> **DIRECTIONS FOR THIS TASK**
Your answer must be an exact transcription of every record below, with the pictures omitted.

> **DATA IN THIS EXERCISE**
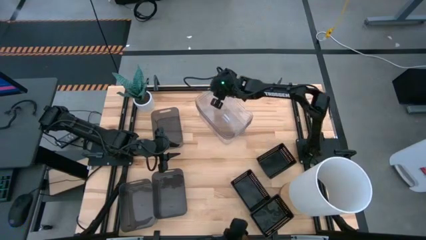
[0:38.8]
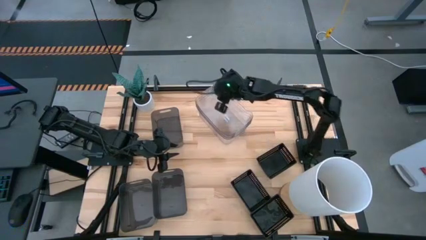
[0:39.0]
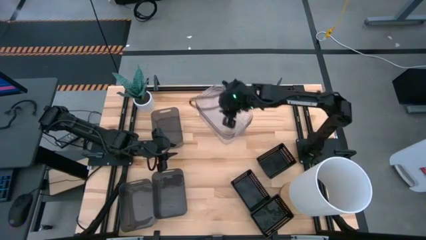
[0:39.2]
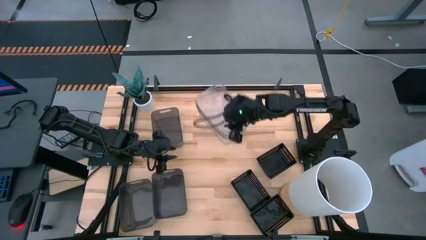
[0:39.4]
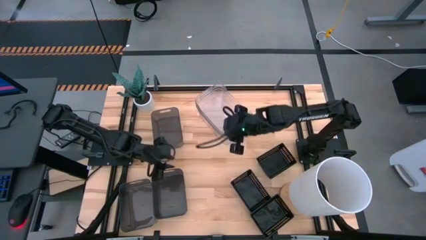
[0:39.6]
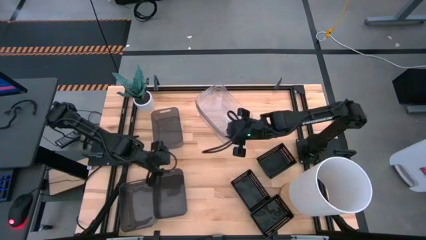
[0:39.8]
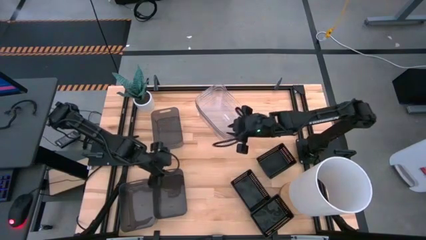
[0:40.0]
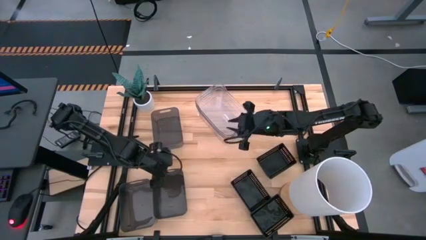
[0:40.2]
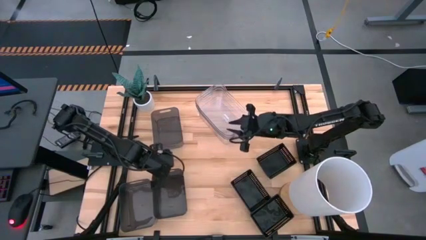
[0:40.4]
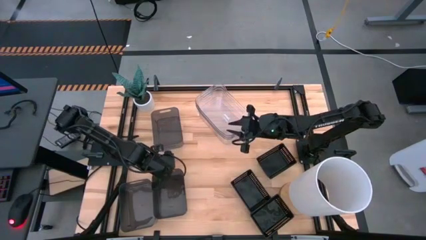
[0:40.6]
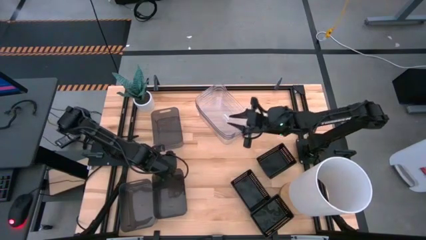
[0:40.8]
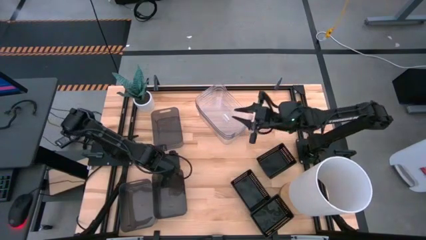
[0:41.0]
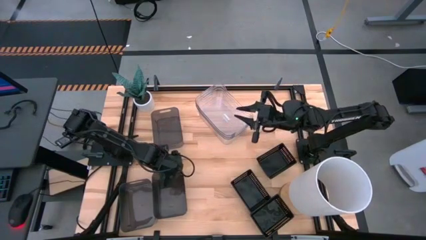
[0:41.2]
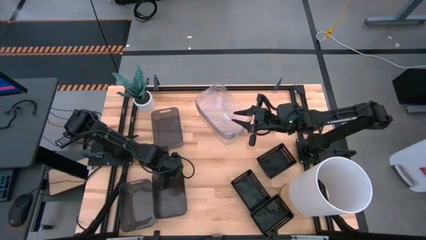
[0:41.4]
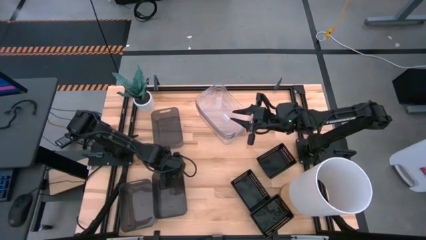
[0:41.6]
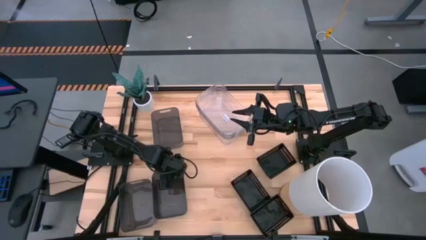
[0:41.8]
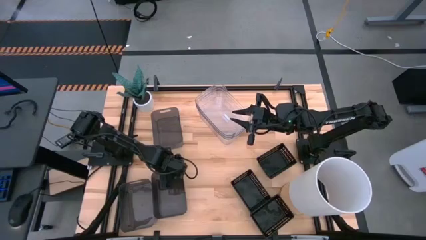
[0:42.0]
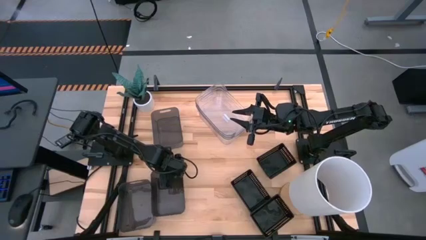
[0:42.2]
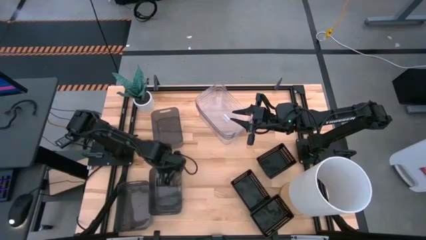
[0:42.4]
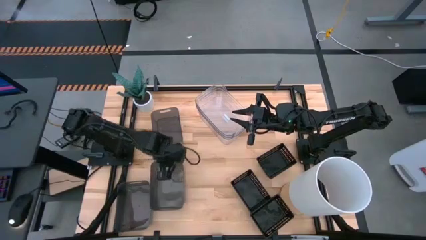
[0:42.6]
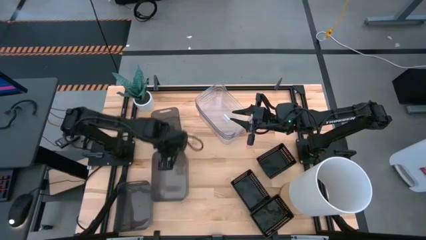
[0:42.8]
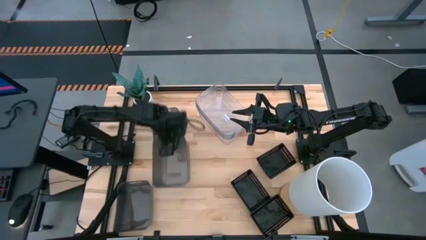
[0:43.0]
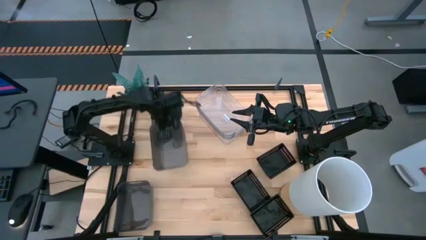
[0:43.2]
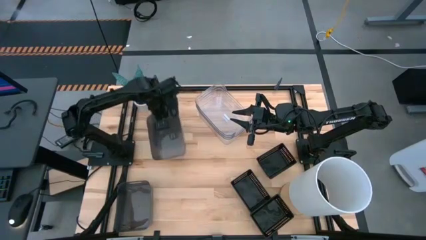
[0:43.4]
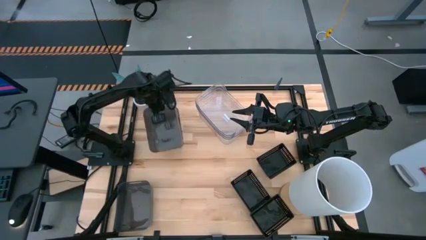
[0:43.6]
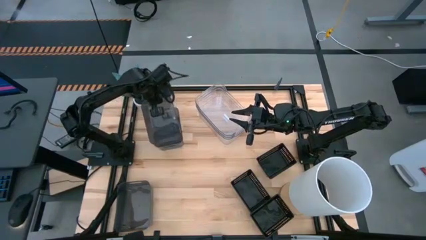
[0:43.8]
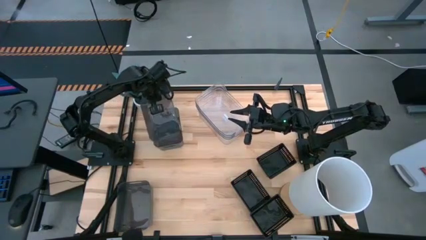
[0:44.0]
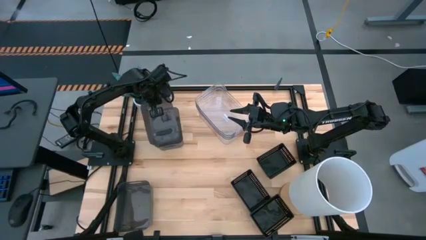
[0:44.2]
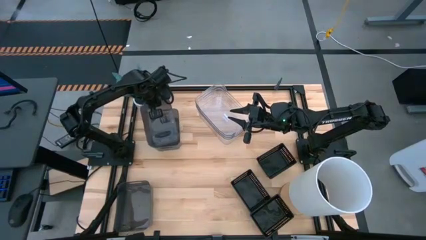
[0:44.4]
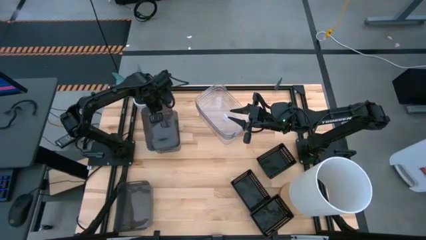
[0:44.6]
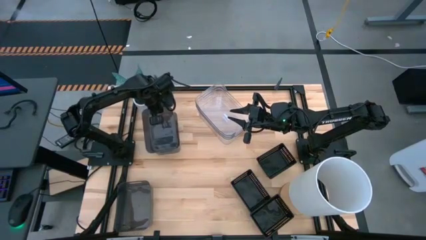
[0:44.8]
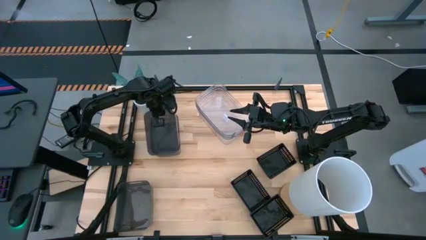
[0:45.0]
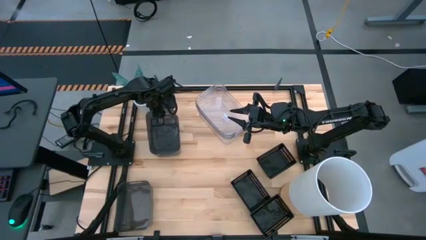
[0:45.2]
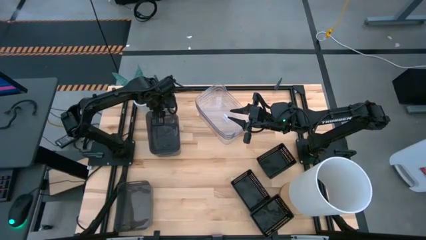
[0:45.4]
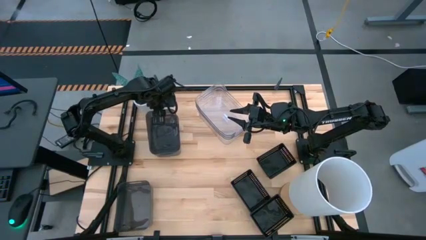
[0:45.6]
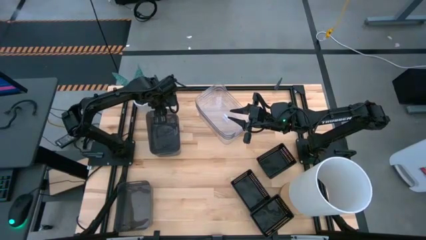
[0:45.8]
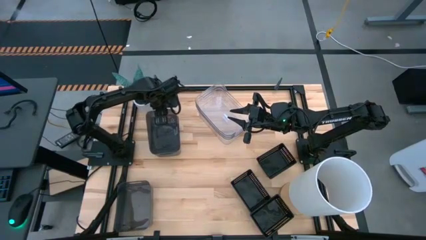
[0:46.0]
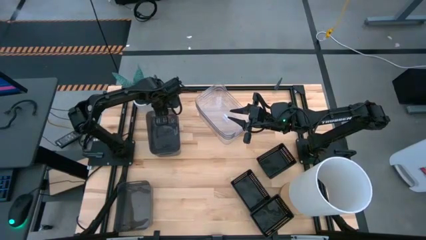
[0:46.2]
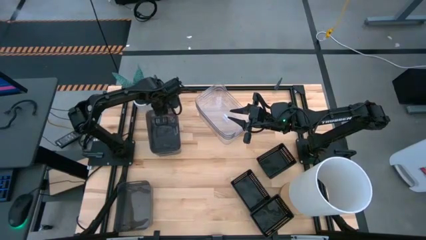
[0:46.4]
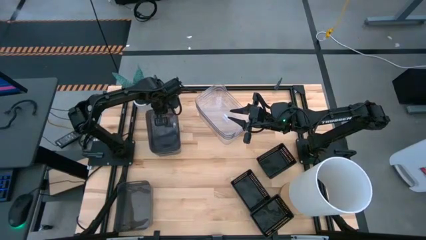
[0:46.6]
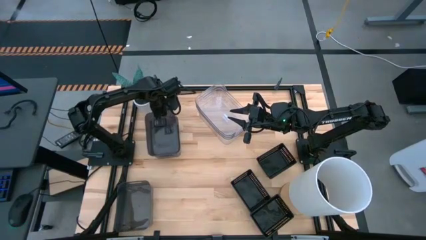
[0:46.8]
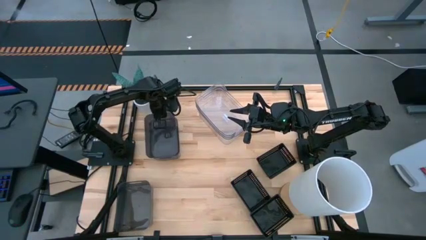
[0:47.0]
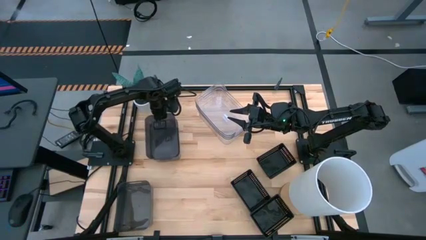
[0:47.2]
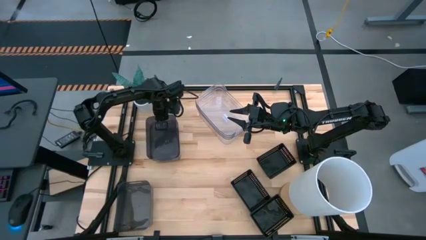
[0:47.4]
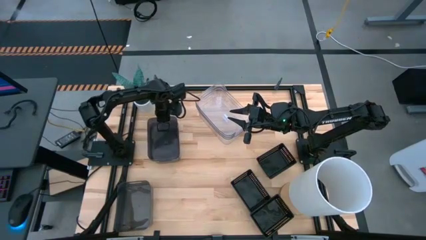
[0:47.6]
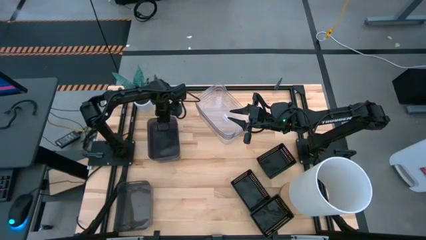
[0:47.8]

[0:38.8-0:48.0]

> **YOUR SOLUTION**
[0:38.8]
[0:39.0]
[0:39.2]
[0:39.4]
[0:39.6]
[0:39.8]
[0:40.0]
[0:40.2]
[0:40.4]
[0:40.6]
[0:40.8]
[0:41.0]
[0:41.2]
[0:41.4]
[0:41.6]
[0:41.8]
[0:42.0]
[0:42.2]
[0:42.4]
[0:42.6]
[0:42.8]
[0:43.0]
[0:43.2]
[0:43.4]
[0:43.6]
[0:43.8]
[0:44.0]
[0:44.2]
[0:44.4]
[0:44.6]
[0:44.8]
[0:45.0]
[0:45.2]
[0:45.4]
[0:45.6]
[0:45.8]
[0:46.0]
[0:46.2]
[0:46.4]
[0:46.6]
[0:46.8]
[0:47.0]
[0:47.2]
[0:47.4]
[0:47.6]
[0:47.8]

[0:38.8-0:48.0]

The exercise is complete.